No-Cause Jury Verdict Secured in Wrongful Death Trial

We successfully obtained a no-cause jury verdict in a 13-day wrongful death trial. The decedent, a 59-year-old man, was admitted to the emergency room on February 15, 2019, with complaints of abdominal pain, decreased appetite, and constipation, despite the use of laxatives. The patient did not complain of any nausea, vomiting, or diarrhea. He had a significant medical history including diabetes, hypertension, prior coronary artery stenting, morbid obesity (with past gastric bypass surgery), longstanding ventral hernia, and back pain. A CT scan revealed multiple hernias and a potential closed-loop bowel obstruction, leading to a surgery consultation. Our client, an emergency general surgeon, interpreted that the patient did not have a closed loop or any significant obstruction and recommended non-surgical management. The patient was approved to have clear liquids, and had a vomiting incident shortly after, but our client was not notified. The patient was returned to NPO status, and after improving overnight, he was returned to “clears” and additional medical and renal consults were ordered. Our client did not receive any communications from the residents/nurses of any changes in the patient’s condition. On February 18, 2019, two rapid responses were called due to increased heart rate and vomiting.
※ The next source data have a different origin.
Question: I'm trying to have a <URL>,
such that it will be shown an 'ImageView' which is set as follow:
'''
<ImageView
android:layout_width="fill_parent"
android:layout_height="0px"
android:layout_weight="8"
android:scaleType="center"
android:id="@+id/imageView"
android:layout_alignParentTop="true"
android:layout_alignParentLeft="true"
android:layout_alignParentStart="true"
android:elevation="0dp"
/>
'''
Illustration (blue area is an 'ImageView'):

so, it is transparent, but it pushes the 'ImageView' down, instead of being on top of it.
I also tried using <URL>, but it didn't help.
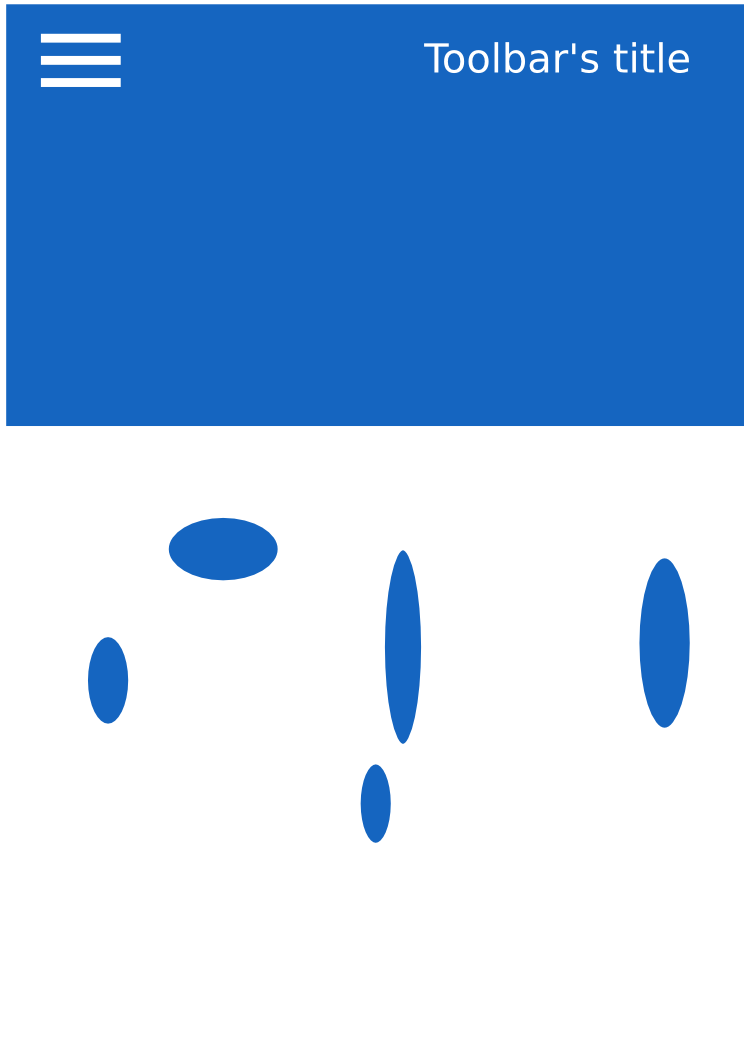
Answer: Use frame layout
'''
<FrameLayout xmlns:android="http://schemas.android.com/apk/res/android"
android:layout_width="fill_parent"
android:layout_height="fill_parent">
// Your imageview
<ImageView
android:layout_width="wrap_content"
android:layout_height="wrap_content"/>
//your toolbar
</FrameLayout>
'''
This should help
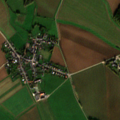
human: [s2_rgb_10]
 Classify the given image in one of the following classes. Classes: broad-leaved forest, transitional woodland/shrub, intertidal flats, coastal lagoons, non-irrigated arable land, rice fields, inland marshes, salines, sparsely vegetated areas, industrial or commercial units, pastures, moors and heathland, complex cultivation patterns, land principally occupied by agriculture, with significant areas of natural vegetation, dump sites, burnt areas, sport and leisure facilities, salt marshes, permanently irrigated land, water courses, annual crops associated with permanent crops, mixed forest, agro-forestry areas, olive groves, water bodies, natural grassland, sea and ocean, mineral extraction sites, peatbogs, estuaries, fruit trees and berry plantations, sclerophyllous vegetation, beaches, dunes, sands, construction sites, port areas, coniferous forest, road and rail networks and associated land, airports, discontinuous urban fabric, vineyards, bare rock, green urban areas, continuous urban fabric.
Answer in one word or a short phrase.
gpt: discontinuous urban fabric, non-irrigated arable land, broad-leaved forest
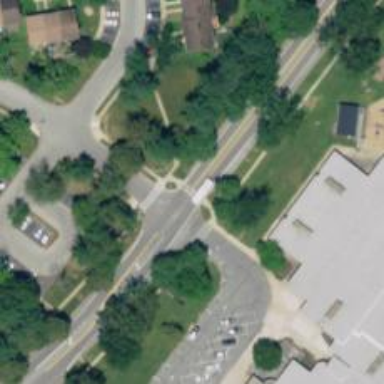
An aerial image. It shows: Footway crossing.
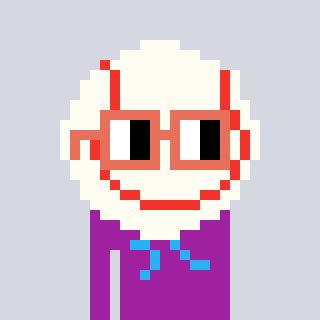
a pixel art character with square orange glasses, a baseball ball-shaped head and a magenta-colored body on a cool background
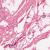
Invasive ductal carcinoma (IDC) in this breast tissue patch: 0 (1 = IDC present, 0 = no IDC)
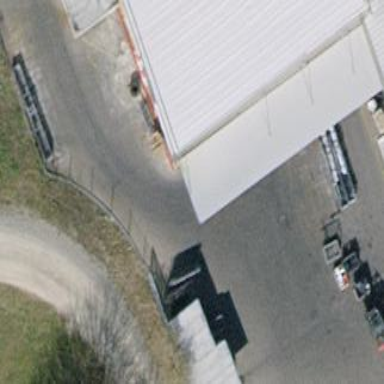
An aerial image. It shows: View of roof of building.
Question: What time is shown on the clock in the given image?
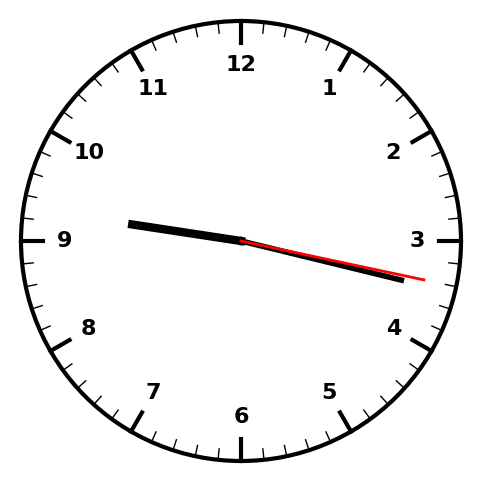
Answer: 09:17:17
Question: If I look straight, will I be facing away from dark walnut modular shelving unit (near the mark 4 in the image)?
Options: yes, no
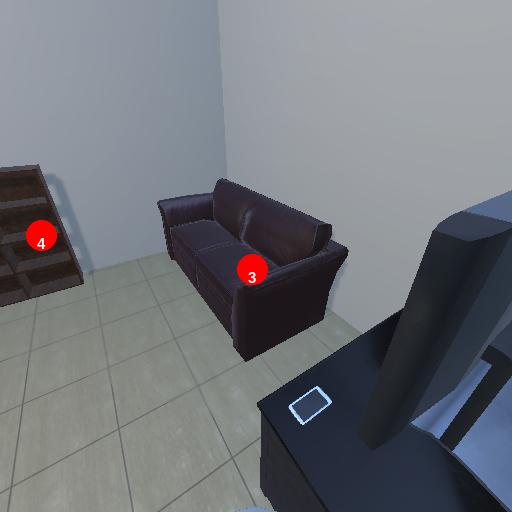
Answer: yes

It is believed that the vomiting resulted in aspiration, causing sepsis, ultimately leading to the patient’s death. During the trial, the plaintiff’s sole medical expert highlighted imaging on the wrong hernia, which called into question all of his opinions in the case. We made key objections related to the expert testimony, limiting what the allegations were, and preventing new allegations from being made. After approximately two and a half hours of deliberating, the jury returned a no-cause verdict.